I’m building my own AI SaaS business startup and kinda want to know the knowledge stack i need to build an overall good AI system

would also appreciate your contribution on this @gent.spah

There are many courses on the DeepLearning.AI platform, and quite a few of them are very specific to certain applications or tools, and I am not familiar with all of them.

What I would suggest is to start by searching for the specific software, framework, or topic you are interested in directly on the platform. That usually helps you quickly find the most relevant courses for your goal.

Also, in this community forum, if you search for the keyword “roadmap”, you’ll find several discussions where learners and mentors have shared suggested learning paths for different AI roles and skill levels. Those can be very helpful in giving you a structured direction.

I personally haven’t gone through all the application-specific courses myself, since there are quite a lot and they are quite specialized. But the roadmap discussions and search feature should help you figure out a good path based on what you want to learn.

okay thanks, let me check them out

Here are some standard workflows provided in the Langgraph docs which helped me a lot when I was learning Agentic AI: Workflows and agents - Docs by LangChain

Hope this helps. :raising_hands:

Thanks a lot @Jasmeet_Singh2

let me check it out

@Adrian_Langat We have existing product on node, angular and postgresql.

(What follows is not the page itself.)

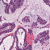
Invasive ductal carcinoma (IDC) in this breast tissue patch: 1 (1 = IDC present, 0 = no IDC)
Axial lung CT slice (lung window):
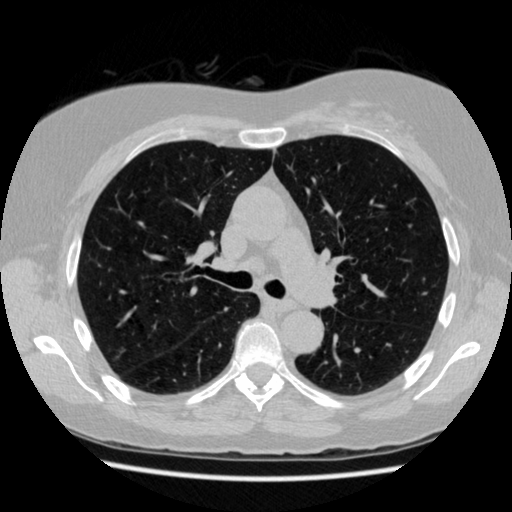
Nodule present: no

Working on agentic capabilities on existing product with more features for help client to optimized there manual effort. Correctly on POC stage and for POCs i am using codesdk and codexsdk along with microsoft services for security. Clients are mostly on microsoft so need to use microsoft first approch.
Please check codexsdk and claudesdk, now microsoft also launch azure ai project sdk for most of feature. My most imp feature is client will write skills and upload to system and using those skill need to generate reports, so both sdk support this feature.

whoaaa, okay

that’s quite the technical jargon

so you already started on designing your enterprise-grade agentic AI? I’ll def check the codexsdk and claudesdk

So far no one has commented on one salient word from your thread title: diagram.

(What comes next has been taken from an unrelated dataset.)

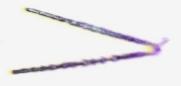
Label: Thalassionema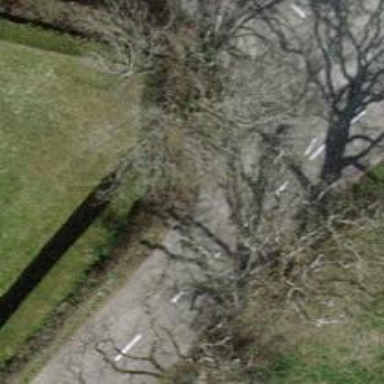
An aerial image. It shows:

I think it has quite gone out of fashion, but when I was a young professional there was a lot of attention paid to system design and architecture, and specifically how to express design in a way that reduced project risk. This lead to the creation of the Unified Modeling Language (UML). UML® - Unified Modeling Language | Object Management Group

In contrast to just a drawing or picture, a design expressed in UML has semantics, which can be checked and enforced automatically. Everything is possible when your design is clouds with lightning bolts between them, but a UML model of your system increases the likelihood that what you draw can actually be built. It forces you to think critically about each component, their public interfaces, and the infrastructure required to deploy them.

Maybe passé in this age where so many systems really are built as clouds and lightning bolts and AWS or Azure handles all the messy stuff magikally behind a curtain, but based on my experience, a (set of) UML diagram(s) is a valuable asset for any tech project or company. Grady Booch ( Grady Booch - Wikipedia ) used to say ‘…every system has an architecture- the best ones are intentional.’ UML is a way to express intentional system architecture. If you don’t use it, make sure that choice is also intentional. Cheers.